Population coverage analysis
The epitopes’ collective coverage was predicted to be 89.42% of the populace. Notably, the assessment of MHC class II allele coverage was restricted due to the employed tool’s incomplete forecast of most alleles. Hence, the real population coverage of MHC class II alleles is anticipated to surpass the current prediction.

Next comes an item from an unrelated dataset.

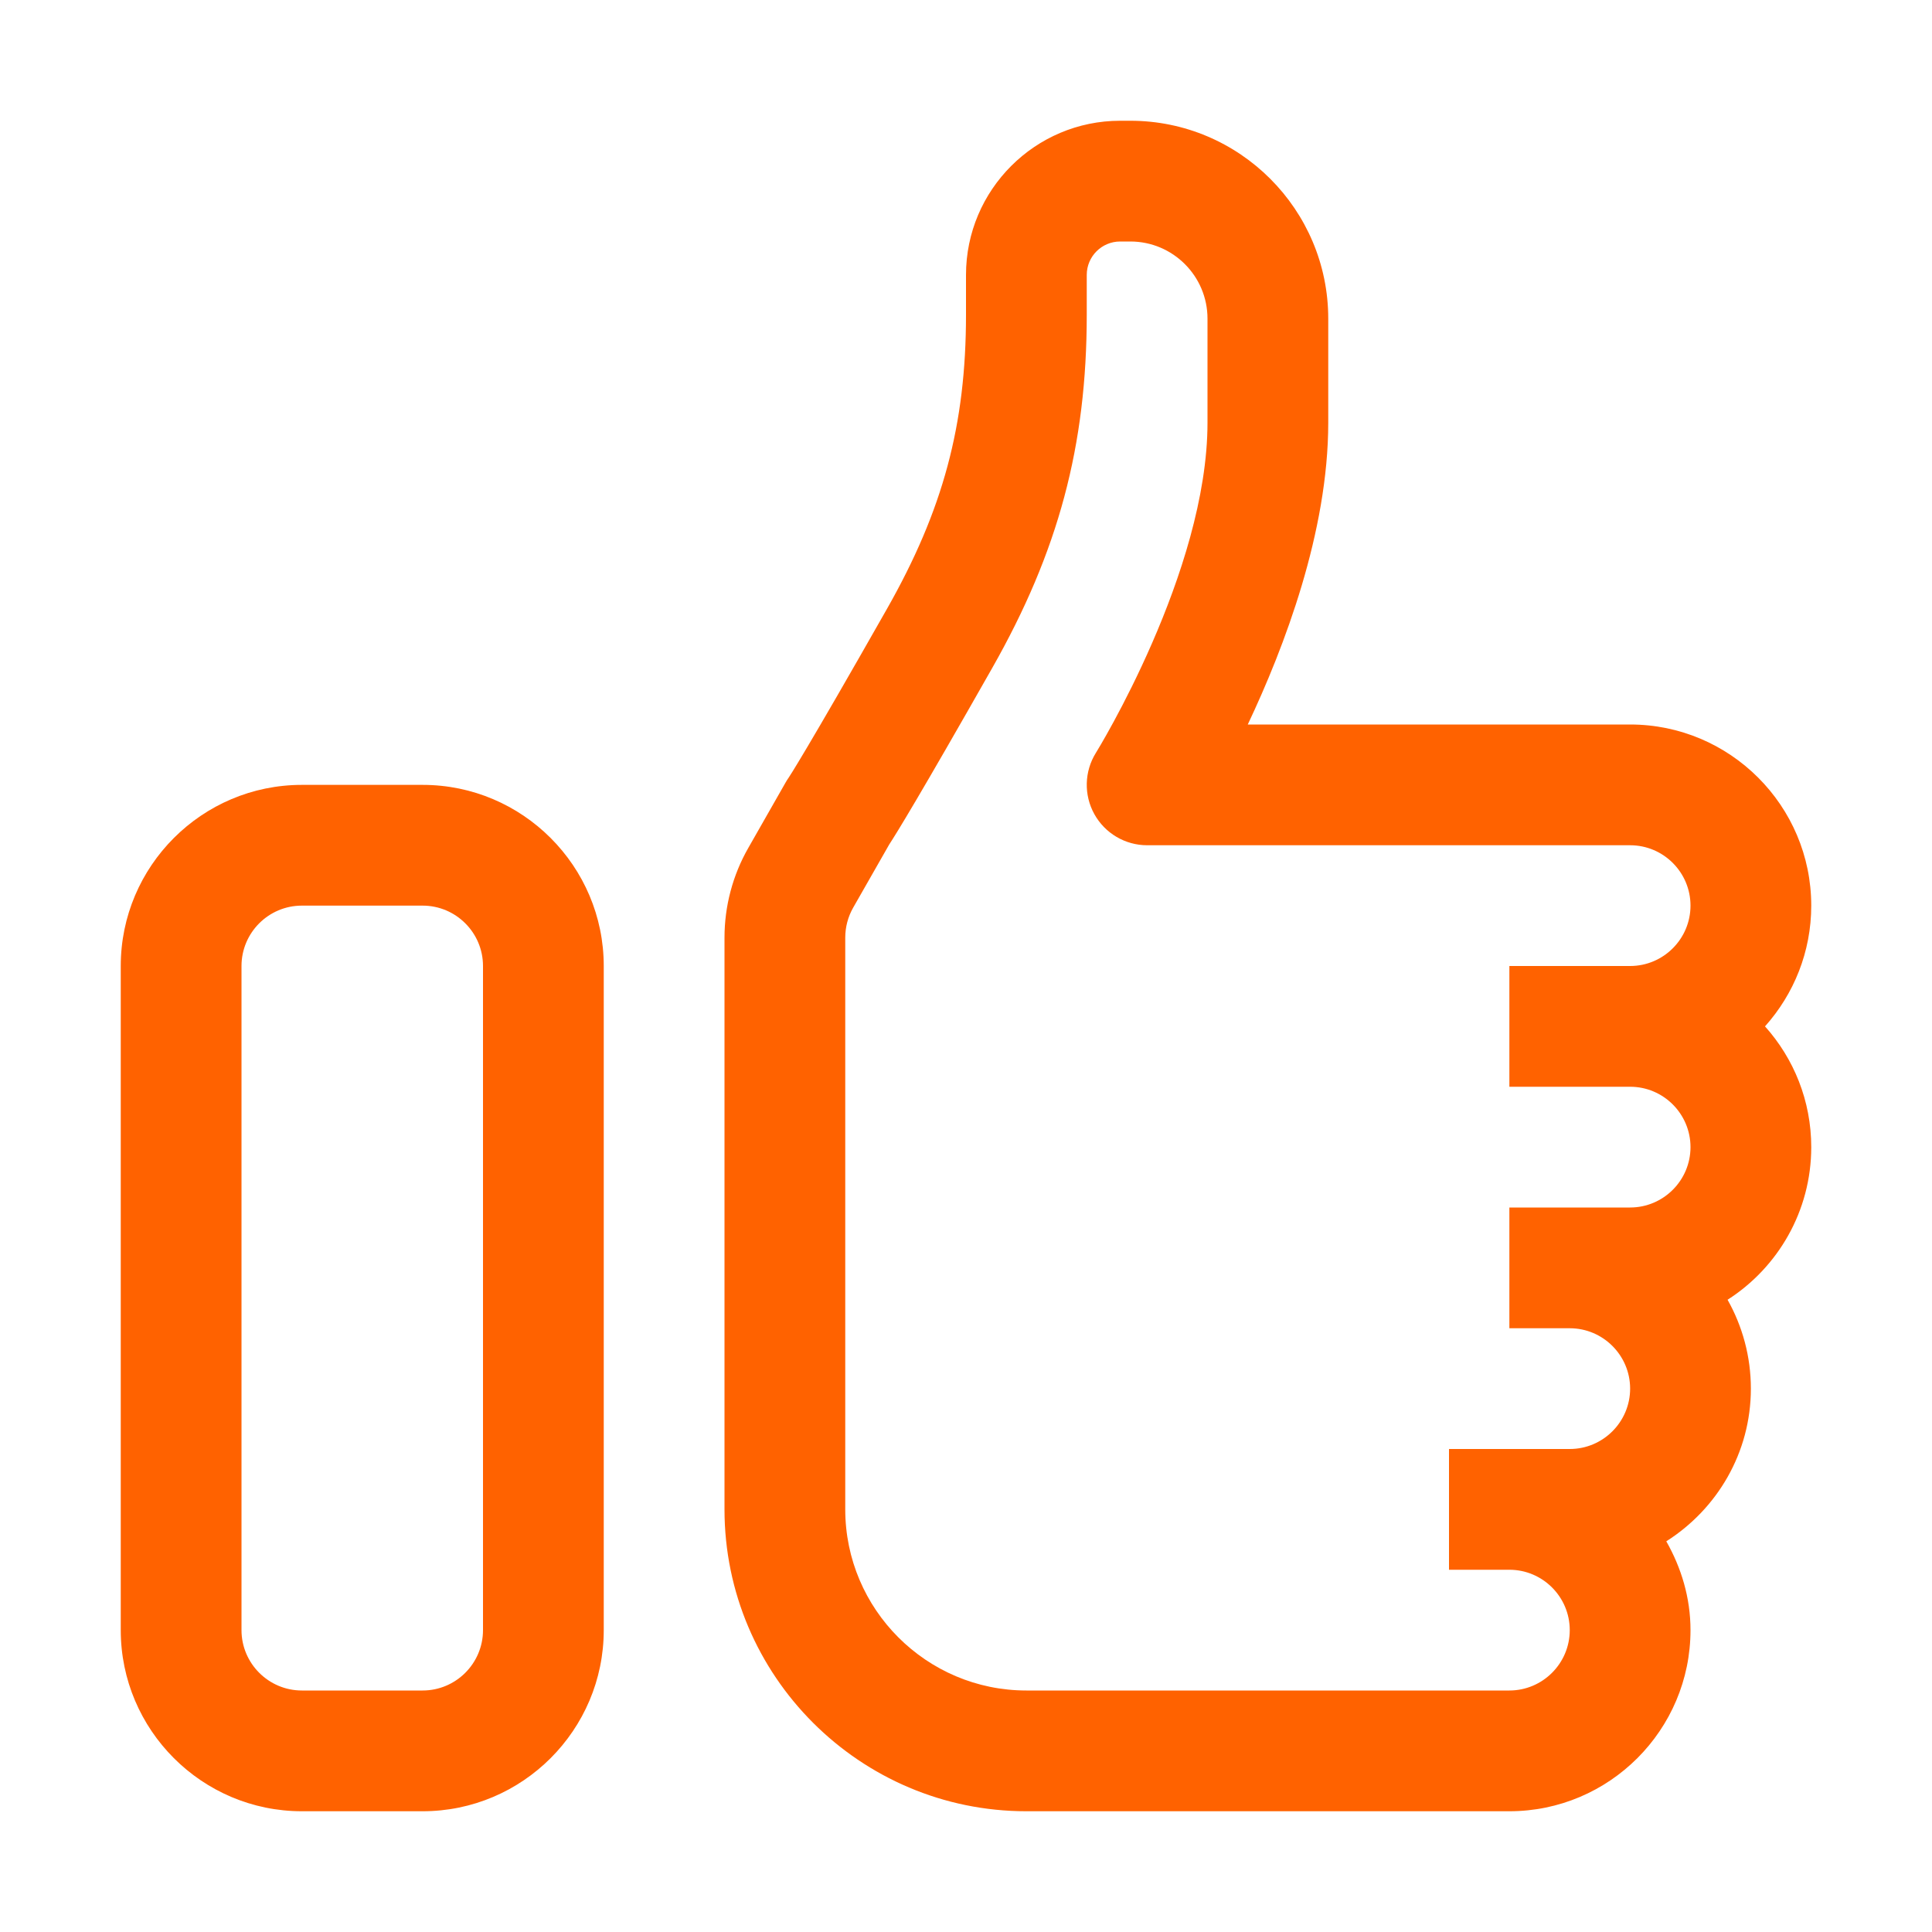 <svg xmlns="http://www.w3.org/2000/svg" width="32" height="32" viewBox="0 0 32 32">
  <path fill="#FF6200" d="M16.722,0 C18.53,0 20,1.47 20,3.278 L20,3.278 L20,5 C20,6.806 19.275,8.715 18.667,10 L18.667,10 L25,10 C26.654,10 28,11.345 28,13 C28,13.767 27.71,14.468 27.234,15 C27.71,15.531 28,16.232 28,17 C28,18.06 27.447,18.995 26.614,19.528 C26.859,19.964 27,20.466 27,21 C27,22.065 26.438,22.997 25.599,23.529 C25.847,23.966 26,24.463 26,25 C26,26.654 24.654,28 23,28 L23,28 L15,28 C12.243,28 10,25.757 10,23 L10,23 L10,13.53 C10,13.009 10.136,12.495 10.395,12.043 L10.395,12.043 L11.009,10.966 C11.025,10.936 11.044,10.907 11.063,10.88 C11.065,10.878 11.339,10.466 12.692,8.083 C13.621,6.446 14,5.035 14,3.213 L14,3.213 L14,2.553 C14,1.145 15.146,0 16.553,0 L16.553,0 Z M5,11 C6.654,11 8,12.346 8,14 L8,14 L8,25 C8,26.654 6.654,28 5,28 L5,28 L3,28 C1.346,28 0,26.654 0,25 L0,25 L0,14 C0,12.346 1.346,11 3,11 L3,11 Z M16.722,2 L16.553,2 C16.248,2 16,2.248 16,2.553 L16,2.553 L16,3.213 C16,5.382 15.531,7.134 14.431,9.07 C13.234,11.178 12.849,11.803 12.729,11.986 L12.729,11.986 L12.131,13.034 C12.045,13.185 12,13.356 12,13.53 L12,13.53 L12,23 C12,24.654 13.346,26 15,26 L15,26 L23,26 C23.551,26 24,25.551 24,25 C24,24.449 23.551,24 23,24 L23,24 L22,24 L22,22 L24,22 C24.551,22 25,21.551 25,21 C25,20.449 24.551,20 24,20 L24,20 L23,20 L23,18 L25,18 C25.551,18 26,17.551 26,17 C26,16.449 25.551,16 25,16 L25,16 L23,16 L23,14 L25,14 C25.551,14 26,13.551 26,13 C26,12.448 25.551,12 25,12 L25,12 L17,12 C16.637,12 16.302,11.802 16.126,11.485 C15.95,11.168 15.959,10.779 16.151,10.47 C16.17,10.441 18,7.47 18,5 L18,5 L18,3.278 C18,2.573 17.427,2 16.722,2 L16.722,2 Z M5,13 L3,13 C2.449,13 2,13.448 2,14 L2,14 L2,25 C2,25.551 2.449,26 3,26 L3,26 L5,26 C5.551,26 6,25.551 6,25 L6,25 L6,14 C6,13.448 5.551,13 5,13 L5,13 Z" transform="translate(2 2)"/>
</svg>

Design of vaccine candidate
The sequence of vaccine candidate (shown in Figure 4A) adhered to a specific design, incorporating diverse elements. The sequence was initiated with an EAAAK linker, which functioned as a spacer region. It also augments the stability and immunogenicity of the construct. Integrating B-cell epitopes into the sequence was facilitated using stability and flexibility-inducing linkers, GPGPG. The linkers were instrumental in preserving the epitopes’ structural stability and promoting their pliability. The MHC-II-restricting epitopes were also conjugated with the GPGPG linkers that featured a disulfide cleavage site, thereby enabling the accurate presentation of the epitopes via MHC class I molecules. The MHC-II-specific epitopes were conjugated with linkers with a disulfide cleavage site designated as AAY, facilitating their optimal display by MHC class II molecules. The sequence was finalized by incorporating histidine tags, which have the potential to facilitate the purification and detection procedures of the construct.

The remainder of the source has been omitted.